Physician Shortage: Recruit or Reorganize?

This week there was a lot of talk about the physician shortages, principally in the area of primary care. According to the American Academy of Family Physicians, patients in a number of states will face a serious family physician shortage by the year 2020. And a study released by the Medical Group Management Association (MGMA) found that primary care physicians' pay increased only 3.89 percent in 2005. The group says that the small increase isn't in line with the amount of work that primary care docs do.

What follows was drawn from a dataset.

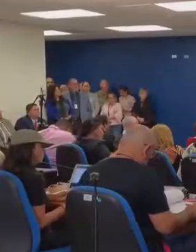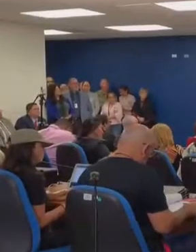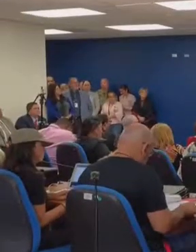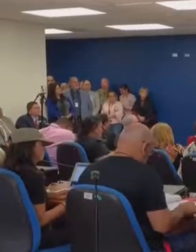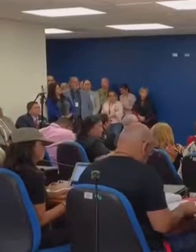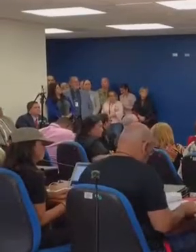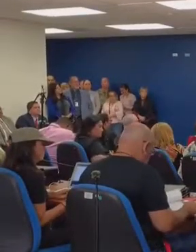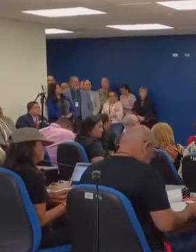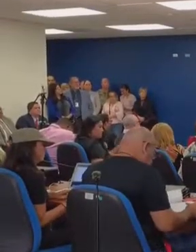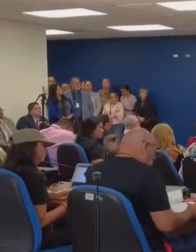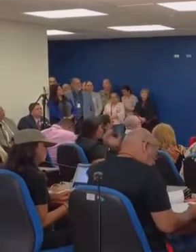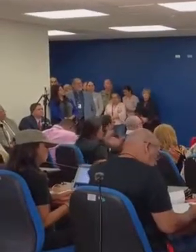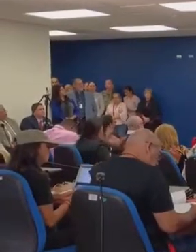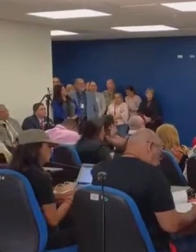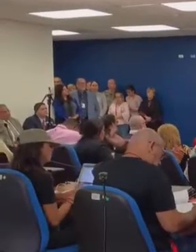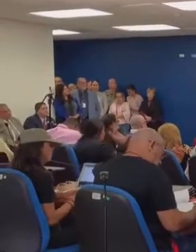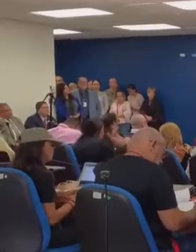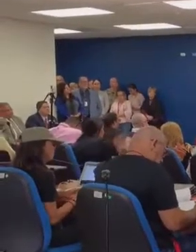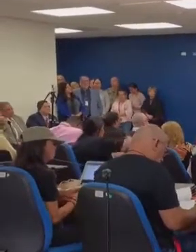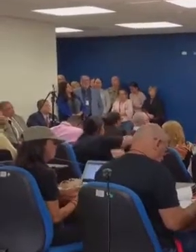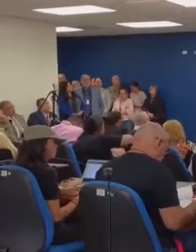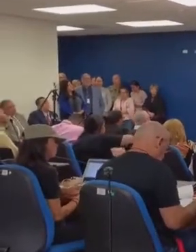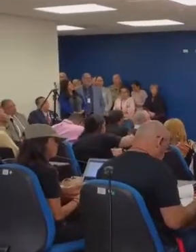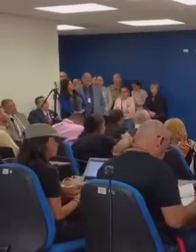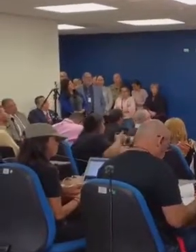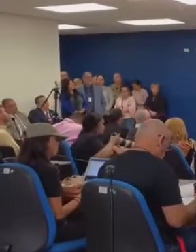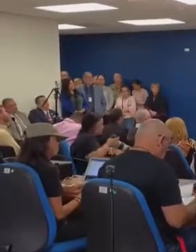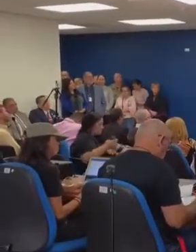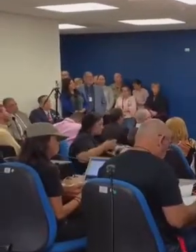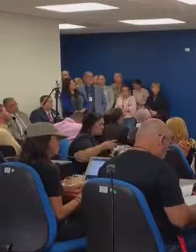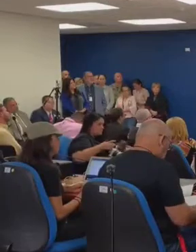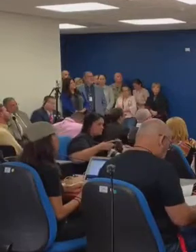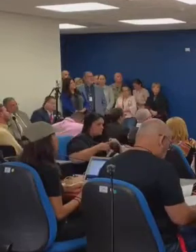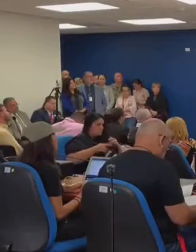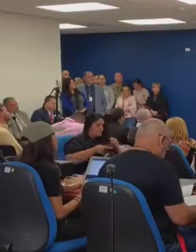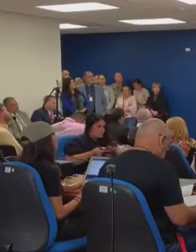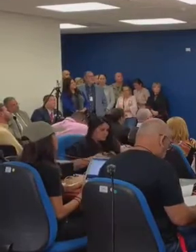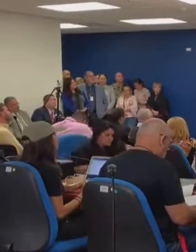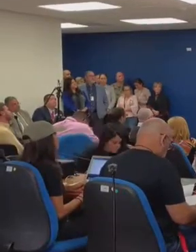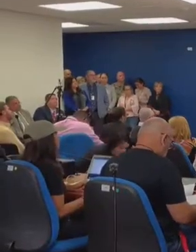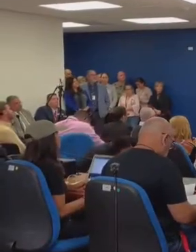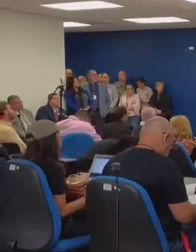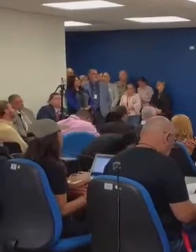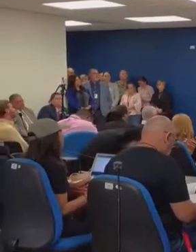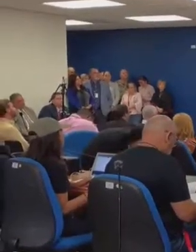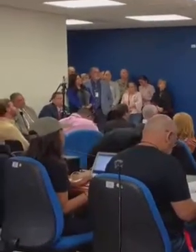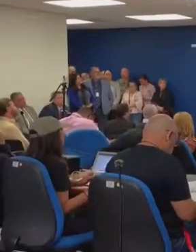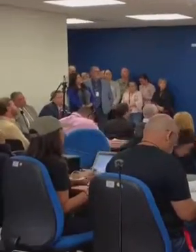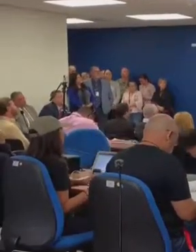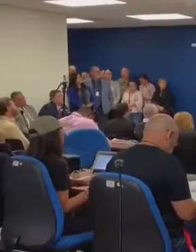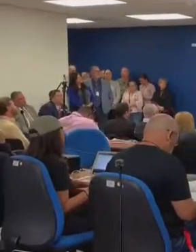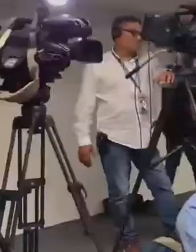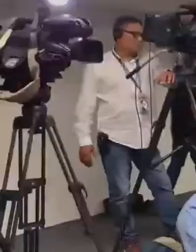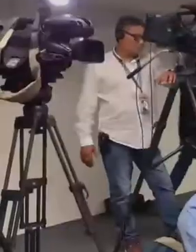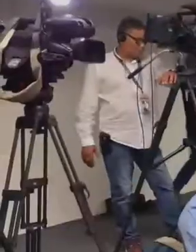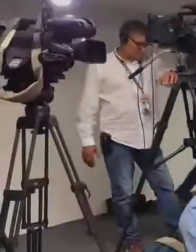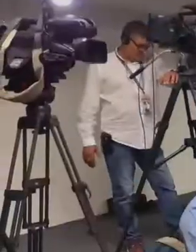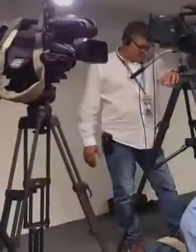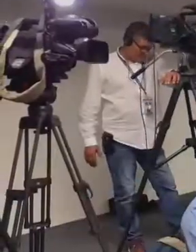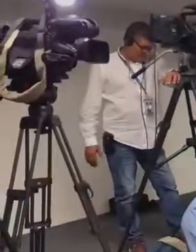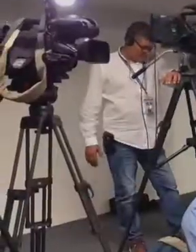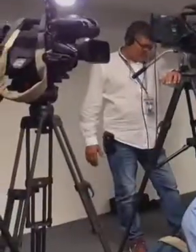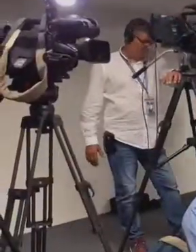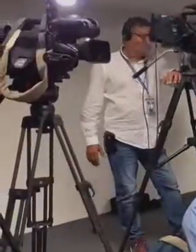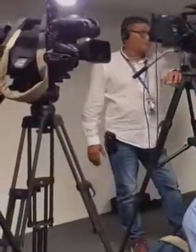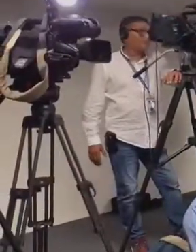Este martes el gobierno mantendrá sus operaciones en horario regular y habrá clases hasta la una de la tarde en el sistema público de

On the surface, it seems obvious that the nation will face a shortage of doctors in the coming years. As a growing number of people reach retirement age, they're going to need more doctor's visits, more procedures, and more time in the hospital. The baby boomers who, as we all know, won't be hitting old age until three years after they're dead, will be crowding into doctor's offices and hospitals across the nation. If the number of new doctors remains stagnant--or drops--there's going to be an increasingly strong demand for fewer and fewer doctors. And lets not forget that many practicing doctors are baby boomers themselves and are headed for retirement.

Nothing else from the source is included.